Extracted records
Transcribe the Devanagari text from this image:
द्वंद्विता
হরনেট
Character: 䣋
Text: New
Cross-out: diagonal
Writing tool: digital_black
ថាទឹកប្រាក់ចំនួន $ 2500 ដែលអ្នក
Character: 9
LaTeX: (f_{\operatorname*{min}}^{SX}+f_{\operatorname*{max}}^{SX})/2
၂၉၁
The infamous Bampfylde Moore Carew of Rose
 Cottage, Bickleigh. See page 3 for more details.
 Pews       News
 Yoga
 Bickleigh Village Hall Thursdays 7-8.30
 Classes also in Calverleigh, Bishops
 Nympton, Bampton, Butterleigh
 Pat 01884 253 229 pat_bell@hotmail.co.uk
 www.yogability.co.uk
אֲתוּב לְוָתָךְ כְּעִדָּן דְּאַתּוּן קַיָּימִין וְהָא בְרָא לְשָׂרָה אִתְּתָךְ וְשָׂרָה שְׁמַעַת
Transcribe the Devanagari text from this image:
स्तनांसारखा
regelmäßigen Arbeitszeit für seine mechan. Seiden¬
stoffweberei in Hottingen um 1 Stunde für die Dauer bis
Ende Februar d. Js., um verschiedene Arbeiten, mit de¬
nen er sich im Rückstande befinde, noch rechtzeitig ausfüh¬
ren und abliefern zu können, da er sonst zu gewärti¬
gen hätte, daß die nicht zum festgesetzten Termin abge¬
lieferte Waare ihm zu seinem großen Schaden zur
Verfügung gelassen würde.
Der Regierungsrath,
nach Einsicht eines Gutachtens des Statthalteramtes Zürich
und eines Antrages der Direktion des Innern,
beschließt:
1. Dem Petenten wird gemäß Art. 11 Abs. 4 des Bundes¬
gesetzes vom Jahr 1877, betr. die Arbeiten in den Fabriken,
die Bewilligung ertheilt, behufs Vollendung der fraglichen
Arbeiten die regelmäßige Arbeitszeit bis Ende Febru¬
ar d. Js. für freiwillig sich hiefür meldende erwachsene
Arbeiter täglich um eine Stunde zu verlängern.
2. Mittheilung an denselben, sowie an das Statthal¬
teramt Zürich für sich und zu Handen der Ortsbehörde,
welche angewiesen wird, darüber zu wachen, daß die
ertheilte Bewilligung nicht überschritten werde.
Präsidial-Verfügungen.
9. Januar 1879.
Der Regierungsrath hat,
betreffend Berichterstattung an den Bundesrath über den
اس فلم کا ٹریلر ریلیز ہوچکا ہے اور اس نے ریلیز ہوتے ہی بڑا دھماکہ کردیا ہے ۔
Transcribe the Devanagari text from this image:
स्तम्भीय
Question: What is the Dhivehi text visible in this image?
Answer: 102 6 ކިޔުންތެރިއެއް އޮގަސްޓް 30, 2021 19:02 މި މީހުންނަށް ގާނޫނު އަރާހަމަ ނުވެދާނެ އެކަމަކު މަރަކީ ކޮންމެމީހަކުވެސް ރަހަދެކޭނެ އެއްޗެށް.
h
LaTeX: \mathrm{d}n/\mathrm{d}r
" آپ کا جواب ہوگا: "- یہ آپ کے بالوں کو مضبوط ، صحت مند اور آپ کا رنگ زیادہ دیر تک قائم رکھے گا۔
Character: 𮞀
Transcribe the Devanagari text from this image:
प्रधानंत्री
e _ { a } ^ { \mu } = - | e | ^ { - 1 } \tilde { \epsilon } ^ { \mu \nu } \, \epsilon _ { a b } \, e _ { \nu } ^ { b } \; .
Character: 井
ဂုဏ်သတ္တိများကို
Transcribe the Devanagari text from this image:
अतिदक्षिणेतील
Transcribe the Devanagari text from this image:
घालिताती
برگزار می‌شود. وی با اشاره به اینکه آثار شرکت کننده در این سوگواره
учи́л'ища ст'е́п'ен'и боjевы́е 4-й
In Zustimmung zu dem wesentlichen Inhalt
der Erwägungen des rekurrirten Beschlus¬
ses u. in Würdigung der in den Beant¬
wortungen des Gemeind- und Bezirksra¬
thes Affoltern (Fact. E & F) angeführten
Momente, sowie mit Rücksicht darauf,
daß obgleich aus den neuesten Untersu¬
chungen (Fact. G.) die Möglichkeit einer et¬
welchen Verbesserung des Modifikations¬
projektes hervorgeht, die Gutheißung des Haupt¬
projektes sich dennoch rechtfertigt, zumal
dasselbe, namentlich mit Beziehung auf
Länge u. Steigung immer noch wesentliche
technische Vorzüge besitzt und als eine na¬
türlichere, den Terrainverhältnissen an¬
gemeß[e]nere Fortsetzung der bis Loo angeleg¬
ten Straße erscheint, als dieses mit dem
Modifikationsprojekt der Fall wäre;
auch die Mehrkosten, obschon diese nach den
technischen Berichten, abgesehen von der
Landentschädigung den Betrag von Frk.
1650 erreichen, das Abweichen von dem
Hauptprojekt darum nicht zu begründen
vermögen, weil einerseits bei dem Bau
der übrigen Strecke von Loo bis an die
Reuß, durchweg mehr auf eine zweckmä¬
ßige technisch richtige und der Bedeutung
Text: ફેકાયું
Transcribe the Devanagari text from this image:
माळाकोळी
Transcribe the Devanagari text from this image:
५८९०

- Problem:
Return the data above in full, keeping each line exactly as it stands.

- Solved exercise:
Transcribe the Devanagari text from this image:
द्वंद्विता
হরনেট
Character: 䣋
Text: New
Cross-out: diagonal
Writing tool: digital_black
ថាទឹកប្រាក់ចំនួន $ 2500 ដែលអ្នក
Character: 9
LaTeX: (f_{\operatorname*{min}}^{SX}+f_{\operatorname*{max}}^{SX})/2
၂၉၁
The infamous Bampfylde Moore Carew of Rose
 Cottage, Bickleigh. See page 3 for more details.
 Pews       News
 Yoga
 Bickleigh Village Hall Thursdays 7-8.30
 Classes also in Calverleigh, Bishops
 Nympton, Bampton, Butterleigh
 Pat 01884 253 229 pat_bell@hotmail.co.uk
 www.yogability.co.uk
אֲתוּב לְוָתָךְ כְּעִדָּן דְּאַתּוּן קַיָּימִין וְהָא בְרָא לְשָׂרָה אִתְּתָךְ וְשָׂרָה שְׁמַעַת
Transcribe the Devanagari text from this image:
स्तनांसारखा
regelmäßigen Arbeitszeit für seine mechan. Seiden¬
stoffweberei in Hottingen um 1 Stunde für die Dauer bis
Ende Februar d. Js., um verschiedene Arbeiten, mit de¬
nen er sich im Rückstande befinde, noch rechtzeitig ausfüh¬
ren und abliefern zu können, da er sonst zu gewärti¬
gen hätte, daß die nicht zum festgesetzten Termin abge¬
lieferte Waare ihm zu seinem großen Schaden zur
Verfügung gelassen würde.
Der Regierungsrath,
nach Einsicht eines Gutachtens des Statthalteramtes Zürich
und eines Antrages der Direktion des Innern,
beschließt:
1. Dem Petenten wird gemäß Art. 11 Abs. 4 des Bundes¬
gesetzes vom Jahr 1877, betr. die Arbeiten in den Fabriken,
die Bewilligung ertheilt, behufs Vollendung der fraglichen
Arbeiten die regelmäßige Arbeitszeit bis Ende Febru¬
ar d. Js. für freiwillig sich hiefür meldende erwachsene
Arbeiter täglich um eine Stunde zu verlängern.
2. Mittheilung an denselben, sowie an das Statthal¬
teramt Zürich für sich und zu Handen der Ortsbehörde,
welche angewiesen wird, darüber zu wachen, daß die
ertheilte Bewilligung nicht überschritten werde.
Präsidial-Verfügungen.
9. Januar 1879.
Der Regierungsrath hat,
betreffend Berichterstattung an den Bundesrath über den
اس فلم کا ٹریلر ریلیز ہوچکا ہے اور اس نے ریلیز ہوتے ہی بڑا دھماکہ کردیا ہے ۔
Transcribe the Devanagari text from this image:
स्तम्भीय
Question: What is the Dhivehi text visible in this image?
Answer: 102 6 ކިޔުންތެރިއެއް އޮގަސްޓް 30, 2021 19:02 މި މީހުންނަށް ގާނޫނު އަރާހަމަ ނުވެދާނެ އެކަމަކު މަރަކީ ކޮންމެމީހަކުވެސް ރަހަދެކޭނެ އެއްޗެށް.
h
LaTeX: \mathrm{d}n/\mathrm{d}r
" آپ کا جواب ہوگا: "- یہ آپ کے بالوں کو مضبوط ، صحت مند اور آپ کا رنگ زیادہ دیر تک قائم رکھے گا۔
Character: 𮞀
Transcribe the Devanagari text from this image:
प्रधानंत्री
e _ { a } ^ { \mu } = - | e | ^ { - 1 } \tilde { \epsilon } ^ { \mu \nu } \, \epsilon _ { a b } \, e _ { \nu } ^ { b } \; .
Character: 井
ဂုဏ်သတ္တိများကို
Transcribe the Devanagari text from this image:
अतिदक्षिणेतील
Transcribe the Devanagari text from this image:
घालिताती
برگزار می‌شود. وی با اشاره به اینکه آثار شرکت کننده در این سوگواره
учи́л'ища ст'е́п'ен'и боjевы́е 4-й
In Zustimmung zu dem wesentlichen Inhalt
der Erwägungen des rekurrirten Beschlus¬
ses u. in Würdigung der in den Beant¬
wortungen des Gemeind- und Bezirksra¬
thes Affoltern (Fact. E & F) angeführten
Momente, sowie mit Rücksicht darauf,
daß obgleich aus den neuesten Untersu¬
chungen (Fact. G.) die Möglichkeit einer et¬
welchen Verbesserung des Modifikations¬
projektes hervorgeht, die Gutheißung des Haupt¬
projektes sich dennoch rechtfertigt, zumal
dasselbe, namentlich mit Beziehung auf
Länge u. Steigung immer noch wesentliche
technische Vorzüge besitzt und als eine na¬
türlichere, den Terrainverhältnissen an¬
gemeß[e]nere Fortsetzung der bis Loo angeleg¬
ten Straße erscheint, als dieses mit dem
Modifikationsprojekt der Fall wäre;
auch die Mehrkosten, obschon diese nach den
technischen Berichten, abgesehen von der
Landentschädigung den Betrag von Frk.
1650 erreichen, das Abweichen von dem
Hauptprojekt darum nicht zu begründen
vermögen, weil einerseits bei dem Bau
der übrigen Strecke von Loo bis an die
Reuß, durchweg mehr auf eine zweckmä¬
ßige technisch richtige und der Bedeutung
Text: ફેકાયું
Transcribe the Devanagari text from this image:
माळाकोळी
Transcribe the Devanagari text from this image:
५८९०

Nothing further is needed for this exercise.